_YOUR ASSIGNMENT_. Among the records that follow, find the line with "54 122 54 51" and the line with "-34 37 -28 80". Set down those lines and all lines between them exactly, without adding anything.

_DATA PROVIDED_.
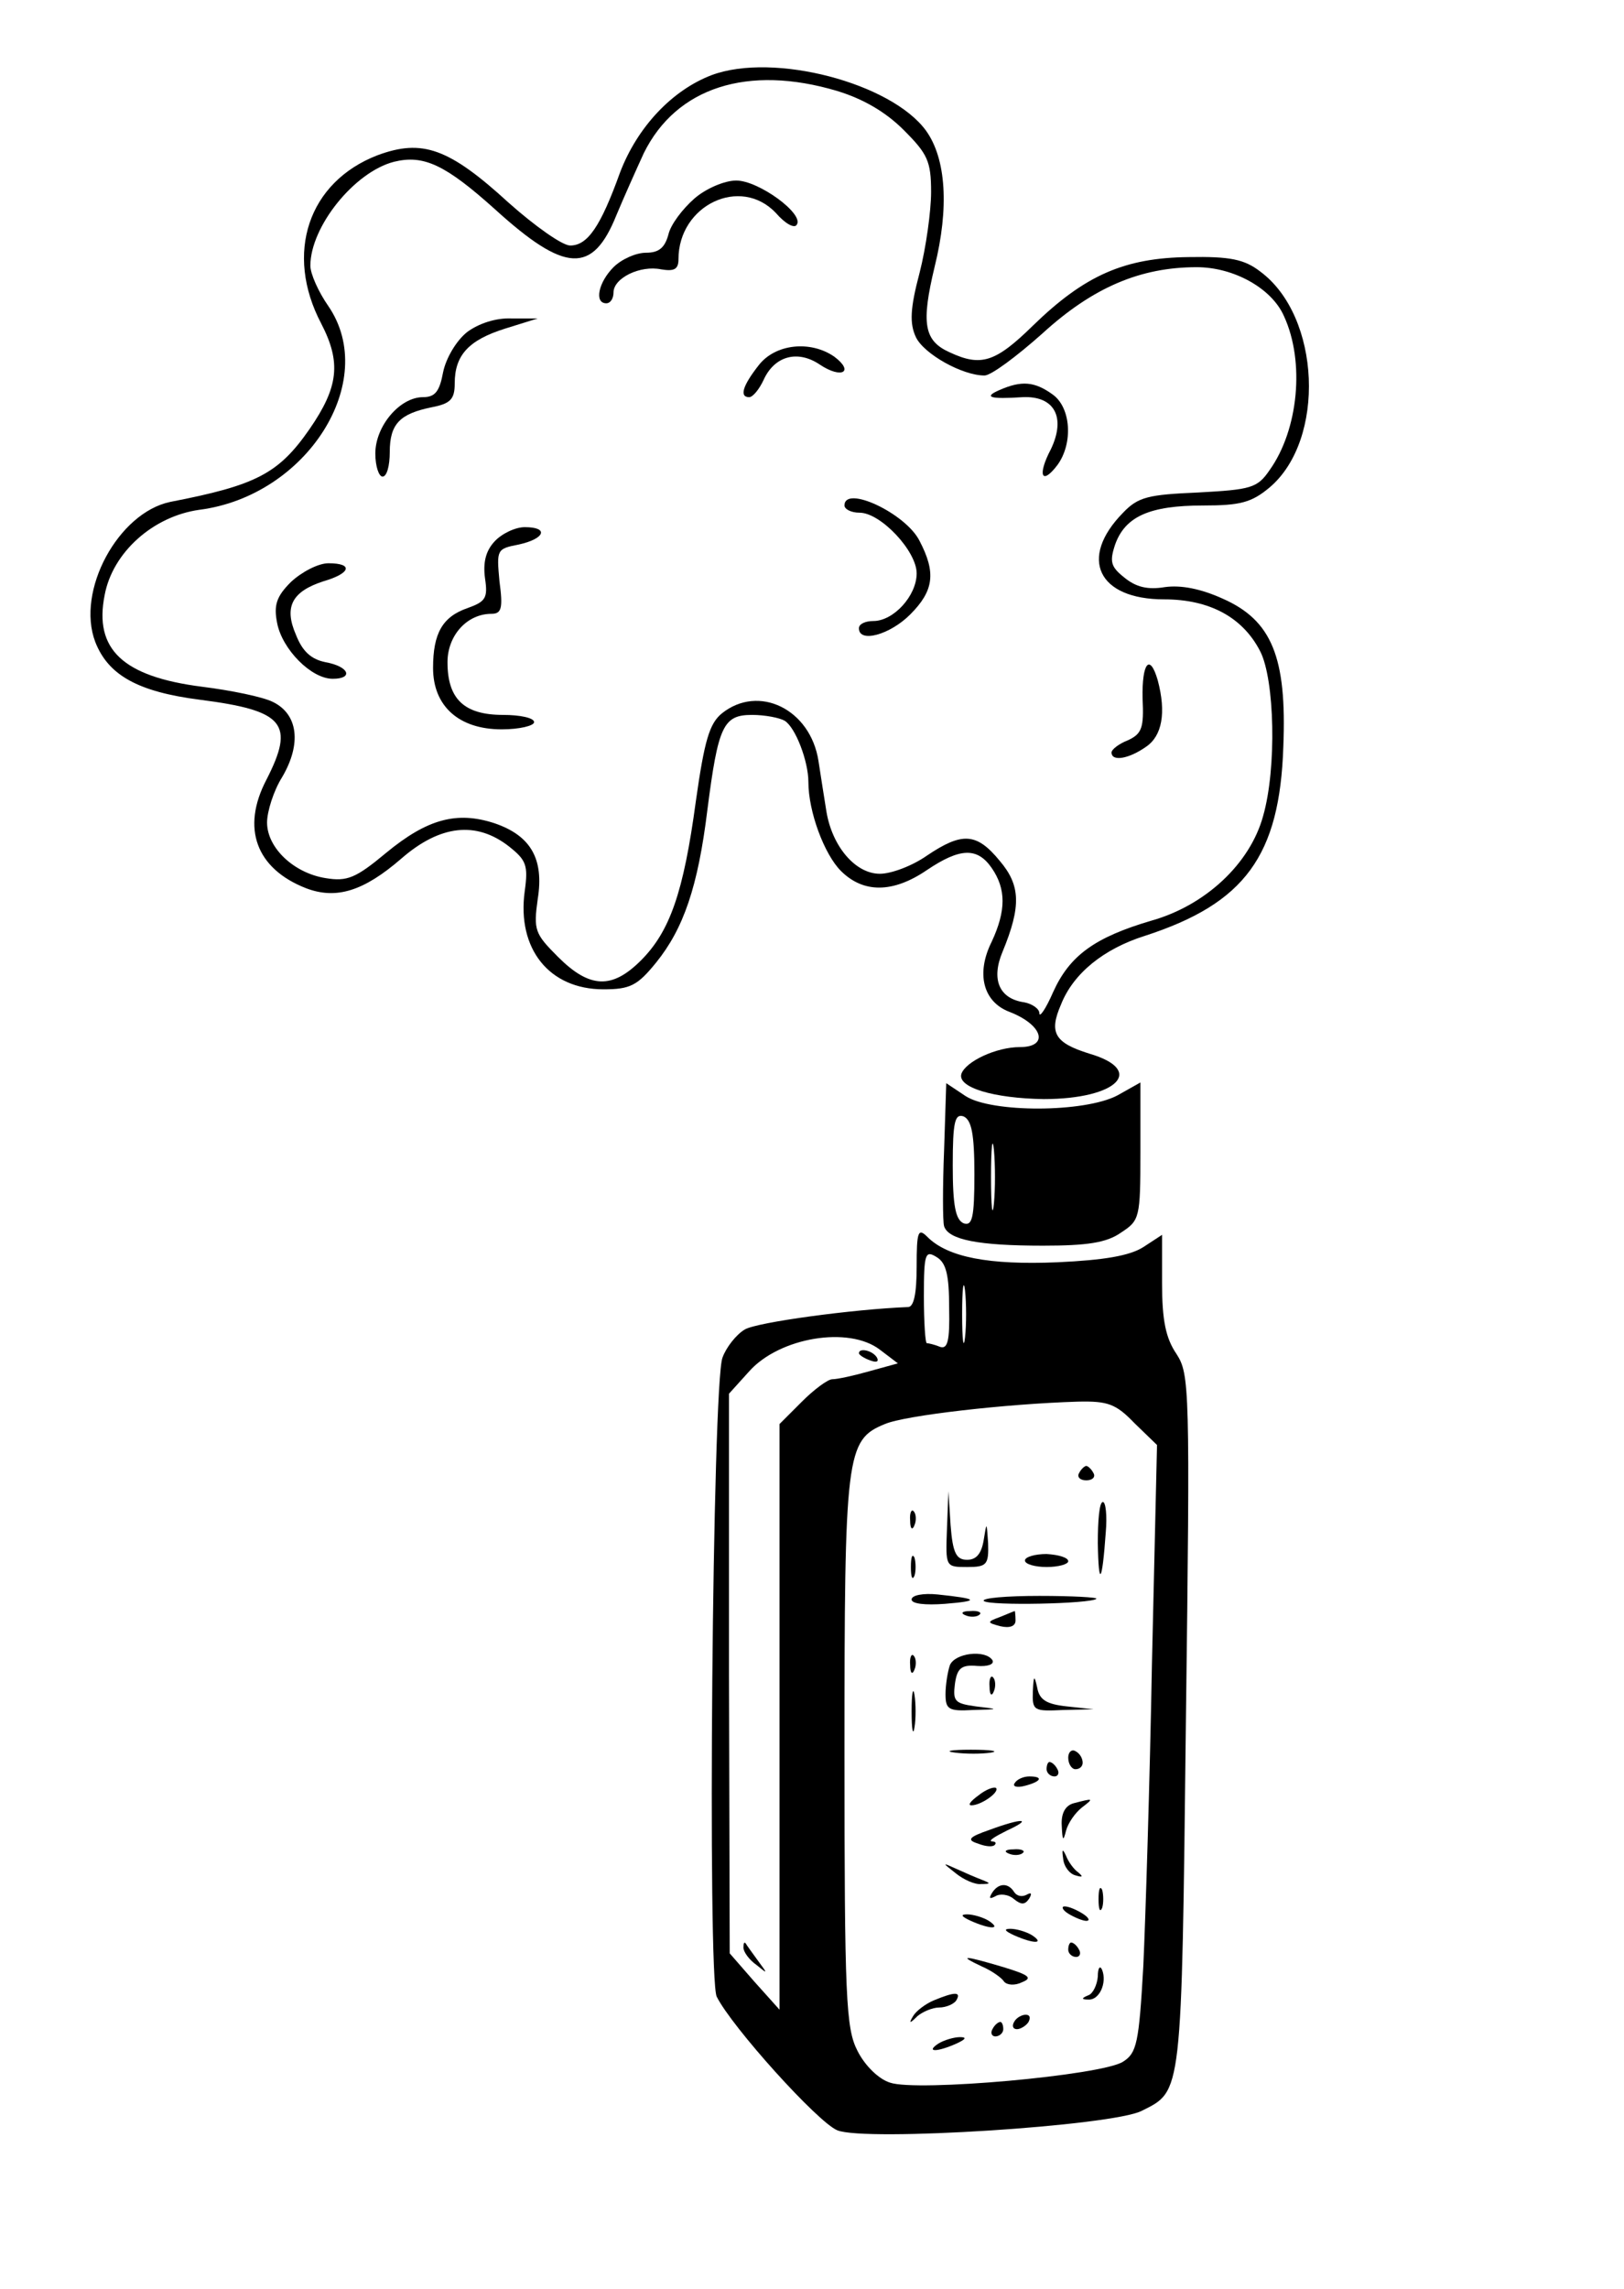 <?xml version="1.0" standalone="no"?>
<!DOCTYPE svg PUBLIC "-//W3C//DTD SVG 20010904//EN"
 "http://www.w3.org/TR/2001/REC-SVG-20010904/DTD/svg10.dtd">
<svg version="1.0" xmlns="http://www.w3.org/2000/svg"
 width="225pt" height="317pt" viewBox="0 0 225 317"
 preserveAspectRatio="xMidYMid meet">

<g transform="translate(0,317) scale(0.1,-0.1)"
fill="#000000" stroke="none">
<path d="M986 3066 c-55 -21 -103 -72 -127 -135 -27 -75 -45 -101 -69 -101
-11 0 -49 27 -85 59 -83 76 -120 89 -182 66 -96 -37 -129 -136 -78 -233 28
-54 24 -88 -16 -146 -43 -62 -74 -78 -193 -101 -72 -15 -131 -123 -104 -194
18 -46 59 -69 145 -80 117 -15 132 -33 92 -111 -35 -67 -14 -123 55 -150 42
-16 80 -4 132 41 54 47 104 52 149 17 24 -19 27 -26 22 -62 -11 -80 34 -136
109 -136 37 0 47 5 73 37 38 47 58 105 71 211 15 117 22 132 62 132 18 0 38
-4 45 -8 15 -9 33 -56 33 -85 0 -41 22 -100 45 -123 31 -31 72 -31 119 1 46
31 70 32 90 3 20 -29 20 -59 0 -102 -22 -44 -12 -83 24 -97 47 -18 56 -49 15
-49 -33 0 -75 -20 -81 -37 -6 -19 45 -34 114 -35 102 0 142 40 63 63 -48 15
-56 29 -39 68 17 43 59 77 116 95 139 45 187 111 192 262 5 124 -16 175 -84
205 -31 14 -58 19 -80 16 -24 -4 -40 0 -56 13 -19 15 -21 22 -13 46 14 39 48
54 122 54 51 0 67 4 92 25 78 66 71 237 -13 299 -22 17 -42 21 -99 20 -89 -1
-144 -25 -216 -95 -52 -51 -72 -57 -115 -37 -36 16 -40 40 -21 119 20 81 16
149 -12 188 -48 66 -211 109 -297 77z m174 -22 c36 -11 67 -29 92 -54 33 -33
38 -43 38 -86 0 -26 -7 -77 -16 -112 -13 -49 -14 -70 -5 -89 11 -23 64 -53 95
-53 9 0 44 26 80 58 70 64 136 92 214 92 51 0 104 -29 121 -68 29 -63 20 -157
-20 -213 -17 -25 -26 -27 -99 -31 -69 -3 -83 -6 -104 -28 -62 -63 -35 -120 57
-120 63 0 109 -25 133 -72 20 -39 23 -162 4 -228 -18 -66 -80 -124 -155 -145
-78 -23 -113 -48 -136 -99 -10 -23 -19 -36 -19 -29 0 6 -10 13 -21 15 -35 5
-46 32 -30 70 26 63 25 92 -4 126 -32 39 -52 40 -101 7 -20 -14 -49 -25 -65
-25 -34 0 -66 38 -74 86 -3 19 -8 50 -11 70 -11 72 -83 107 -134 66 -17 -14
-24 -37 -36 -122 -17 -126 -36 -180 -76 -220 -40 -40 -71 -39 -115 5 -32 32
-34 37 -28 80 9 56 -10 88 -60 105 -52 17 -93 6 -150 -41 -42 -35 -54 -40 -84
-35 -44 7 -81 42 -81 77 0 15 9 44 21 63 27 46 22 87 -13 104 -14 7 -58 16
-98 21 -110 14 -150 52 -135 127 11 59 67 109 131 118 149 19 250 178 179 282
-14 20 -25 45 -25 56 0 54 61 130 116 144 41 10 71 -4 140 -66 97 -88 135 -90
168 -8 10 24 27 62 38 86 45 91 144 123 268 86z"/>
<path d="M962 2895 c-16 -14 -33 -36 -36 -50 -5 -18 -13 -25 -31 -25 -14 0
-34 -9 -45 -20 -21 -21 -27 -50 -10 -50 6 0 10 7 10 15 0 20 37 38 66 32 18
-3 24 0 24 14 0 75 86 116 135 64 13 -15 26 -22 29 -16 10 15 -53 61 -84 61
-16 0 -42 -11 -58 -25z"/>
<path d="M647 2710 c-15 -12 -29 -36 -33 -55 -5 -27 -11 -35 -28 -35 -32 0
-66 -40 -66 -78 0 -18 5 -32 10 -32 6 0 10 15 10 34 0 39 14 53 58 62 26 5 32
11 32 33 0 39 19 60 70 76 l45 14 -36 0 c-22 1 -46 -7 -62 -19z"/>
<path d="M1051 2664 c-22 -28 -27 -44 -13 -44 5 0 14 11 20 24 15 33 47 42 78
21 30 -20 48 -10 20 11 -33 23 -82 18 -105 -12z"/>
<path d="M1385 2630 c-23 -10 -14 -13 32 -10 44 2 60 -28 39 -72 -19 -36 -13
-51 9 -22 22 30 19 80 -7 98 -25 18 -43 19 -73 6z"/>
<path d="M1170 2470 c0 -5 9 -10 21 -10 29 0 79 -53 79 -84 0 -31 -32 -66 -60
-66 -11 0 -20 -4 -20 -10 0 -21 43 -9 71 19 33 33 36 58 13 102 -19 38 -104
78 -104 49z"/>
<path d="M685 2420 c-12 -13 -16 -29 -13 -51 4 -27 1 -32 -24 -41 -35 -12 -48
-35 -48 -83 0 -53 36 -85 95 -85 25 0 45 5 45 10 0 6 -20 10 -43 10 -54 0 -77
22 -77 73 0 37 27 67 61 67 14 0 16 8 11 45 -4 44 -4 45 27 51 36 8 42 24 8
24 -13 0 -32 -9 -42 -20z"/>
<path d="M403 2364 c-20 -20 -24 -32 -19 -57 7 -36 47 -77 77 -77 29 0 23 17
-10 23 -20 4 -32 15 -41 38 -17 39 -5 60 38 74 38 11 42 25 7 25 -14 0 -37
-12 -52 -26z"/>
<path d="M1583 2203 c2 -41 -1 -49 -20 -58 -13 -5 -23 -13 -23 -17 0 -13 24
-9 48 8 22 15 28 47 16 92 -11 38 -22 24 -21 -25z"/>
<path d="M1308 1577 c-2 -50 -2 -98 0 -105 6 -19 48 -27 137 -27 61 0 88 4
108 18 26 17 27 20 27 112 l0 96 -32 -18 c-46 -24 -174 -24 -210 -1 l-27 18
-3 -93z m42 -33 c0 -61 -3 -72 -15 -68 -11 5 -15 24 -15 80 0 61 3 72 15 68
11 -5 15 -24 15 -80z m27 -41 c-2 -21 -4 -4 -4 37 0 41 2 58 4 38 2 -21 2 -55
0 -75z"/>
<path d="M1270 1416 c0 -38 -4 -56 -12 -56 -76 -3 -209 -21 -226 -31 -12 -7
-26 -25 -31 -39 -14 -35 -21 -859 -8 -885 21 -42 140 -174 167 -185 38 -16
382 6 422 27 56 28 55 19 61 538 6 465 5 482 -13 510 -15 22 -20 47 -20 98 l0
67 -26 -17 c-19 -12 -54 -18 -119 -21 -95 -4 -152 7 -180 35 -13 13 -15 8 -15
-41z m45 -57 c1 -46 -2 -58 -13 -54 -7 3 -16 5 -18 5 -2 0 -4 29 -4 65 0 60 2
64 18 54 13 -8 17 -25 17 -70z m22 -41 c-2 -18 -4 -4 -4 32 0 36 2 50 4 33 2
-18 2 -48 0 -65z m-118 -17 l25 -19 -40 -11 c-21 -6 -44 -11 -51 -11 -6 0 -25
-14 -42 -31 l-31 -31 0 -405 0 -406 -35 39 -34 39 -1 387 0 388 28 31 c42 47
138 63 181 30z m353 -102 l31 -30 -7 -302 c-3 -166 -9 -355 -12 -420 -6 -106
-9 -120 -28 -132 -29 -19 -286 -42 -323 -29 -16 5 -35 24 -45 44 -16 31 -18
73 -18 413 0 414 2 433 56 455 28 12 168 28 267 31 42 1 53 -3 79 -30z"/>
<path d="M1190 1296 c0 -2 7 -7 16 -10 8 -3 12 -2 9 4 -6 10 -25 14 -25 6z"/>
<path d="M1030 473 c0 -6 8 -17 18 -24 16 -13 16 -13 2 6 -8 11 -16 22 -17 24
-2 2 -3 0 -3 -6z"/>
<path d="M1495 1130 c-3 -5 1 -10 10 -10 9 0 13 5 10 10 -3 6 -8 10 -10 10 -2
0 -7 -4 -10 -10z"/>
<path d="M1312 1053 c-2 -53 -2 -53 28 -53 27 0 30 3 29 33 -2 30 -2 30 -6 5
-3 -19 -10 -28 -23 -28 -15 0 -20 9 -23 48 l-3 47 -2 -52z"/>
<path d="M1521 1033 c1 -62 6 -56 11 15 2 23 0 42 -4 42 -5 0 -7 -26 -7 -57z"/>
<path d="M1261 1064 c0 -11 3 -14 6 -6 3 7 2 16 -1 19 -3 4 -6 -2 -5 -13z"/>
<path d="M1262 1000 c0 -14 2 -19 5 -12 2 6 2 18 0 25 -3 6 -5 1 -5 -13z"/>
<path d="M1420 1009 c0 -5 14 -9 30 -9 17 0 30 4 30 8 0 5 -13 9 -30 10 -16 0
-30 -4 -30 -9z"/>
<path d="M1263 955 c0 -6 19 -8 46 -6 49 4 47 7 -10 13 -20 2 -36 -1 -36 -7z"/>
<path d="M1363 953 c7 -7 149 -4 156 3 2 2 -33 4 -79 4 -46 0 -80 -3 -77 -7z"/>
<path d="M1338 933 c7 -3 16 -2 19 1 4 3 -2 6 -13 5 -11 0 -14 -3 -6 -6z"/>
<path d="M1386 931 c-19 -7 -19 -8 0 -13 13 -3 21 0 21 8 0 8 -1 14 -1 13 -1
0 -10 -4 -20 -8z"/>
<path d="M1261 864 c0 -11 3 -14 6 -6 3 7 2 16 -1 19 -3 4 -6 -2 -5 -13z"/>
<path d="M1316 864 c-3 -9 -6 -27 -6 -40 0 -21 4 -24 38 -22 37 1 37 1 4 5
-29 4 -32 7 -29 31 3 22 9 27 31 25 14 -1 24 2 21 8 -10 15 -52 10 -59 -7z"/>
<path d="M1371 834 c0 -11 3 -14 6 -6 3 7 2 16 -1 19 -3 4 -6 -2 -5 -13z"/>
<path d="M1431 828 c-1 -27 1 -28 42 -26 l42 1 -37 4 c-28 3 -38 9 -41 26 -4
18 -5 17 -6 -5z"/>
<path d="M1263 800 c0 -25 2 -35 4 -22 2 12 2 32 0 45 -2 12 -4 2 -4 -23z"/>
<path d="M1323 743 c15 -2 37 -2 50 0 12 2 0 4 -28 4 -27 0 -38 -2 -22 -4z"/>
<path d="M1480 736 c0 -9 5 -16 10 -16 6 0 10 4 10 9 0 6 -4 13 -10 16 -5 3
-10 -1 -10 -9z"/>
<path d="M1450 720 c0 -5 5 -10 11 -10 5 0 7 5 4 10 -3 6 -8 10 -11 10 -2 0
-4 -4 -4 -10z"/>
<path d="M1406 701 c-4 -5 3 -7 14 -4 23 6 26 13 6 13 -8 0 -17 -4 -20 -9z"/>
<path d="M1356 684 c-11 -8 -16 -14 -10 -14 13 0 39 18 34 24 -3 2 -14 -2 -24
-10z"/>
<path d="M1488 673 c-12 -3 -18 -14 -17 -31 1 -21 2 -23 6 -7 3 11 13 25 22
32 17 13 16 13 -11 6z"/>
<path d="M1371 636 c-29 -10 -32 -14 -16 -19 10 -4 20 -5 23 -2 3 3 1 5 -4 5
-5 1 5 7 21 15 37 17 22 18 -24 1z"/>
<path d="M1398 603 c7 -3 16 -2 19 1 4 3 -2 6 -13 5 -11 0 -14 -3 -6 -6z"/>
<path d="M1473 596 c1 -11 9 -21 17 -23 10 -3 11 -2 4 4 -6 4 -14 15 -17 23
-5 11 -6 9 -4 -4z"/>
<path d="M1324 576 c11 -9 27 -16 35 -15 14 0 14 1 1 6 -8 3 -24 10 -35 15
-20 9 -20 9 -1 -6z"/>
<path d="M1374 548 c-4 -7 -3 -8 5 -4 6 4 18 3 26 -4 10 -8 15 -8 21 1 4 7 3
9 -4 5 -6 -3 -13 -2 -17 4 -8 13 -22 13 -31 -2z"/>
<path d="M1522 540 c0 -14 2 -19 5 -12 2 6 2 18 0 25 -3 6 -5 1 -5 -13z"/>
<path d="M1480 520 c8 -5 20 -10 25 -10 6 0 3 5 -5 10 -8 5 -19 10 -25 10 -5
0 -3 -5 5 -10z"/>
<path d="M1345 510 c27 -12 43 -12 25 0 -8 5 -22 9 -30 9 -10 0 -8 -3 5 -9z"/>
<path d="M1405 490 c27 -12 43 -12 25 0 -8 5 -22 9 -30 9 -10 0 -8 -3 5 -9z"/>
<path d="M1480 470 c0 -5 5 -10 11 -10 5 0 7 5 4 10 -3 6 -8 10 -11 10 -2 0
-4 -4 -4 -10z"/>
<path d="M1360 447 c14 -6 28 -16 31 -21 4 -5 15 -6 25 -1 15 6 10 10 -26 21
-54 16 -64 17 -30 1z"/>
<path d="M1521 433 c-1 -12 -7 -24 -13 -26 -10 -4 -10 -6 0 -6 15 -1 26 23 19
41 -3 7 -6 3 -6 -9z"/>
<path d="M1294 400 c-12 -5 -25 -15 -29 -22 -6 -10 -5 -11 6 0 7 6 21 12 30
12 10 0 21 5 24 10 7 12 -2 12 -31 0z"/>
<path d="M1405 370 c-3 -5 -2 -10 4 -10 5 0 13 5 16 10 3 6 2 10 -4 10 -5 0
-13 -4 -16 -10z"/>
<path d="M1375 360 c-3 -5 -1 -10 4 -10 6 0 11 5 11 10 0 6 -2 10 -4 10 -3 0
-8 -4 -11 -10z"/>
<path d="M1300 340 c-18 -12 -2 -12 25 0 13 6 15 9 5 9 -8 0 -22 -4 -30 -9z"/>
</g>
</svg>

_ANSWER FOR THE TASK_.
54 122 54 51 0 67 4 92 25 78 66 71 237 -13 299 -22 17 -42 21 -99 20 -89 -1
-144 -25 -216 -95 -52 -51 -72 -57 -115 -37 -36 16 -40 40 -21 119 20 81 16
149 -12 188 -48 66 -211 109 -297 77z m174 -22 c36 -11 67 -29 92 -54 33 -33
38 -43 38 -86 0 -26 -7 -77 -16 -112 -13 -49 -14 -70 -5 -89 11 -23 64 -53 95
-53 9 0 44 26 80 58 70 64 136 92 214 92 51 0 104 -29 121 -68 29 -63 20 -157
-20 -213 -17 -25 -26 -27 -99 -31 -69 -3 -83 -6 -104 -28 -62 -63 -35 -120 57
-120 63 0 109 -25 133 -72 20 -39 23 -162 4 -228 -18 -66 -80 -124 -155 -145
-78 -23 -113 -48 -136 -99 -10 -23 -19 -36 -19 -29 0 6 -10 13 -21 15 -35 5
-46 32 -30 70 26 63 25 92 -4 126 -32 39 -52 40 -101 7 -20 -14 -49 -25 -65
-25 -34 0 -66 38 -74 86 -3 19 -8 50 -11 70 -11 72 -83 107 -134 66 -17 -14
-24 -37 -36 -122 -17 -126 -36 -180 -76 -220 -40 -40 -71 -39 -115 5 -32 32
-34 37 -28 80 9 56 -10 88 -60 105 -52 17 -93 6 -150 -41 -42 -35 -54 -40 -84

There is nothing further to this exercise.